Coping with the death of a pet

Coping with the death of a pet

Coping with the death of a pet

The one part of pet ownership that I always dread is when they become ill or pass away. Research even shows that for many people, losing a pet is compatible with losing a human family member. For me personally, as an adult the two times I have lost a pet, it came with other emotions such as guilt and like I didn’t do enough to “save them”. That happened recently with the loss of our beloved cat Trina.

RIP Trina May 19th, 2021

Trina unexpectedly passed away in her sleep the very same day I had Thomas. I was actually just wheeled back from my c-section when my husband delivered the devastating news as one of our family members discovered Trina when she visited to feed her. I felt so guilty that I was stuck at the hospital and not there for Trina when she passed. This left me aboustely DEVASTATED and feeling hopeless.

We suspected something was going on with Trina and the day we left for the hospital she had actually snuck outside and was found hiding under our porch. I hate to speculate but I think Trina either caught a cold while outside overnight or in her older age, she just knew the time was coming as the few days previous Trina clunge to me.
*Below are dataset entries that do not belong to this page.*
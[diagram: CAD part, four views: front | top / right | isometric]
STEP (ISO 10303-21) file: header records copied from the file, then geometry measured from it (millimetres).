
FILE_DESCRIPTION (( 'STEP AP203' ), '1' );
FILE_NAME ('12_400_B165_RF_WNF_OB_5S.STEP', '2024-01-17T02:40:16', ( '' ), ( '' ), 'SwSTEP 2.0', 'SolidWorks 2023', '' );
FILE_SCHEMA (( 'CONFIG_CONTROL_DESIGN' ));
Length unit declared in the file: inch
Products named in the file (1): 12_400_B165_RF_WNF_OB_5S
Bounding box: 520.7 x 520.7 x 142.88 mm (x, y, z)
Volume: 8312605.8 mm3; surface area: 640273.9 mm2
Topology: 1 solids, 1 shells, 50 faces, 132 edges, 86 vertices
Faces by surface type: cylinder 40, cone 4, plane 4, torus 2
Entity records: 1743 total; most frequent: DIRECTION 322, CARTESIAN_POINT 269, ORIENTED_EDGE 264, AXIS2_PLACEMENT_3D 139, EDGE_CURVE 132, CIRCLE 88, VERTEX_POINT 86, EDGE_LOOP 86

I assumed it was because I was in labor off and on but looking back I suspect these were signs something was off with her.

My husband actually left the hospital shortly after and made the over hour and a half round trip to properly deal with the situation. I was left so devastated and I am still 4 weeks later trying to fully cope.
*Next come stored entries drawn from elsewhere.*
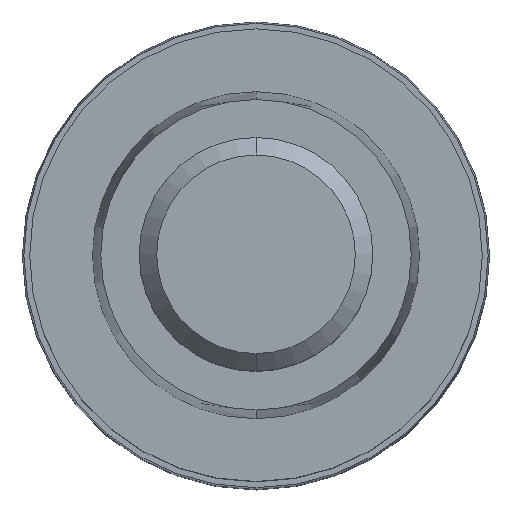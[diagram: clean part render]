
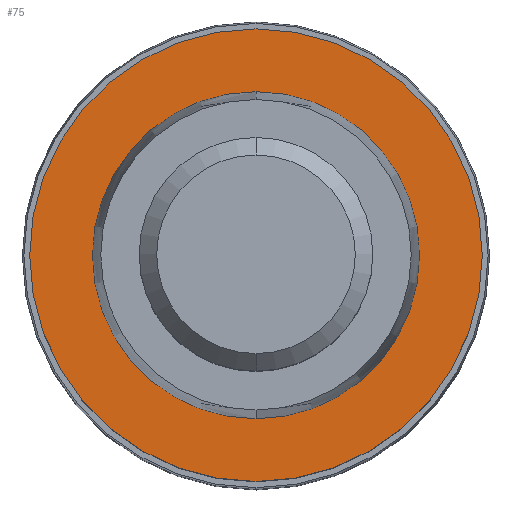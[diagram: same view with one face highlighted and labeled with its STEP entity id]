
A CAD part, top view. The second image highlights one B-rep face of the part: STEP entity #75.
In plain terms, the highlighted planar face has unit normal (0, 0, 1).
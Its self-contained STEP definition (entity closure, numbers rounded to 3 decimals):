
#34=FACE_BOUND('',#121,.T.);
#35=FACE_BOUND('',#122,.T.);
#60=PLANE('',#449);
#75=ADVANCED_FACE('',(#34,#35),#60,.F.);
#121=EDGE_LOOP('',(#174,#175));
#122=EDGE_LOOP('',(#176,#177));
#174=ORIENTED_EDGE('',*,*,#250,.F.);
#175=ORIENTED_EDGE('',*,*,#253,.F.);
#176=ORIENTED_EDGE('',*,*,#254,.F.);
#177=ORIENTED_EDGE('',*,*,#255,.F.);
#220=VERTEX_POINT('',#710);
#221=VERTEX_POINT('',#711);
#222=VERTEX_POINT('',#718);
#223=VERTEX_POINT('',#719);
#250=EDGE_CURVE('',#220,#221,#291,.T.);
#253=EDGE_CURVE('',#221,#220,#292,.T.);
#254=EDGE_CURVE('',#222,#223,#293,.T.);
#255=EDGE_CURVE('',#223,#222,#294,.T.);
#291=CIRCLE('',#443,7.75);
#292=CIRCLE('',#445,7.75);
#293=CIRCLE('',#447,5.6);
#294=CIRCLE('',#448,5.6);
#443=AXIS2_PLACEMENT_3D('',#709,#544,#545);
#445=AXIS2_PLACEMENT_3D('',#715,#550,#551);
#447=AXIS2_PLACEMENT_3D('',#717,#554,#555);
#448=AXIS2_PLACEMENT_3D('',#720,#556,#557);
#449=AXIS2_PLACEMENT_3D('',#721,#558,#559);
#544=DIRECTION('',(0.,0.,-1.));
#545=DIRECTION('',(0.,1.,0.));
#550=DIRECTION('',(0.,0.,-1.));
#551=DIRECTION('',(0.,-1.,0.));
#554=DIRECTION('',(0.,0.,1.));
#555=DIRECTION('',(0.,1.,0.));
#556=DIRECTION('',(0.,0.,1.));
#557=DIRECTION('',(0.,-1.,0.));
#558=DIRECTION('',(0.,0.,-1.));
#559=DIRECTION('',(0.,1.,0.));
#709=CARTESIAN_POINT('',(0.,0.,24.));
#710=CARTESIAN_POINT('',(0.,7.75,24.));
#711=CARTESIAN_POINT('',(0.,-7.75,24.));
#715=CARTESIAN_POINT('',(0.,0.,24.));
#717=CARTESIAN_POINT('',(0.,0.,24.));
#718=CARTESIAN_POINT('',(0.,5.6,24.));
#719=CARTESIAN_POINT('',(0.,-5.6,24.));
#720=CARTESIAN_POINT('',(0.,0.,24.));
#721=CARTESIAN_POINT('',(0.,0.,24.));

Here are some things that have helped me and my family:

  • Allow Time to Grieve. A LOT of people kept telling me that I have a new son to focus on and I should just “move on”. HARD STOP! Give yourself time to grieve and heal. Like I mentioned above, losing a pet is comparable to losing a human family member to many. I remember sobbing in the hospital several times and even days after we came home. Allow yourself to go with the flow of it and I guarantee you will go through the stages of loss and grief as you would with human loss.
  • Explain in an age-appropriate way to your children. My stepchildren are 9 and 6 so we had to explain to them in different ways. My stepdaughter who is 9 was much more upset than my 6-year-old stepson. For her, I sat her down in a quiet place and we discussed what happened. We were blunt and honest with her and had a discussion about death. She is a very smart girl and we discussed the stages of grief and loss. How it was okay to be upset and she actually has visited Trina’s grave several times with me to leave flowers and other offerings. As for my stepson, it was a little harder, I explained to him that Trina “went to sleep and didn’t wake up”. He had some questions about death that we answered honestly and we had a discussion about how Trina went peacefully in her sleep and isn’t in pain. I don’t think he fully has grasped it yet though as he sometimes asks where Trina went but otherwise doesn’t seem phased.
  • Honor your pet with a ceremony or service. My husband made the 1.5+ hour round trip to handle the situation so I didn’t have to. He buried Trina promptly in a beautiful spot that we do pagan rituals at that overlooks a pond in the woods. It is a beautiful spot and I make it a habit to go down ATLEAST weekly to check out the site and leave little offerings. I have left flowers, brought my stepdaughter down there, and even planted some sunflowers and onions near the spot. I found that this has helped us both with coping with the loss.
  • Reach out for support. There is nothing wrong with seeking support from friends, family, or even a therapist.
  • Maintain a schedule. Coming home from the hospital to the death of a pet was incredibly hard. A new baby had our schedule all over the place anyway but my husband actually pointed out how important it was for our other animals to keep a schedule. I only noticed a huge change in our dog but again, I don’t know if that was due to the death of Trina or a new baby. Still, it’s important to maintain their feeding schedule and offer a little extra love.
  • Self Care. Self-care is very important, do something for yourself that boosts your mood. This could take a walk, take a bath, cook your favorite food or etc. This really depends on your personality but it’s important to do something for yourself that will relieve stress.
  • Donate to a local shelter or etc in your pet’s name. This is a beautiful way to honor your pet, you could also consider donating your time and volunteer. For some people helping other animals helps boost their mood and helps with feeling accomplished. If you are unsure I highly suggest searching “Animal Shelters Near Me”.

In the end, just remember it will take time to grieve the loss and there is nothing wrong with seeking professional help. It is highly recommended to NOT adopt another pet right away which is another reason that volunteering is a great way to go. Allow yourself to heal and don’t rush the process.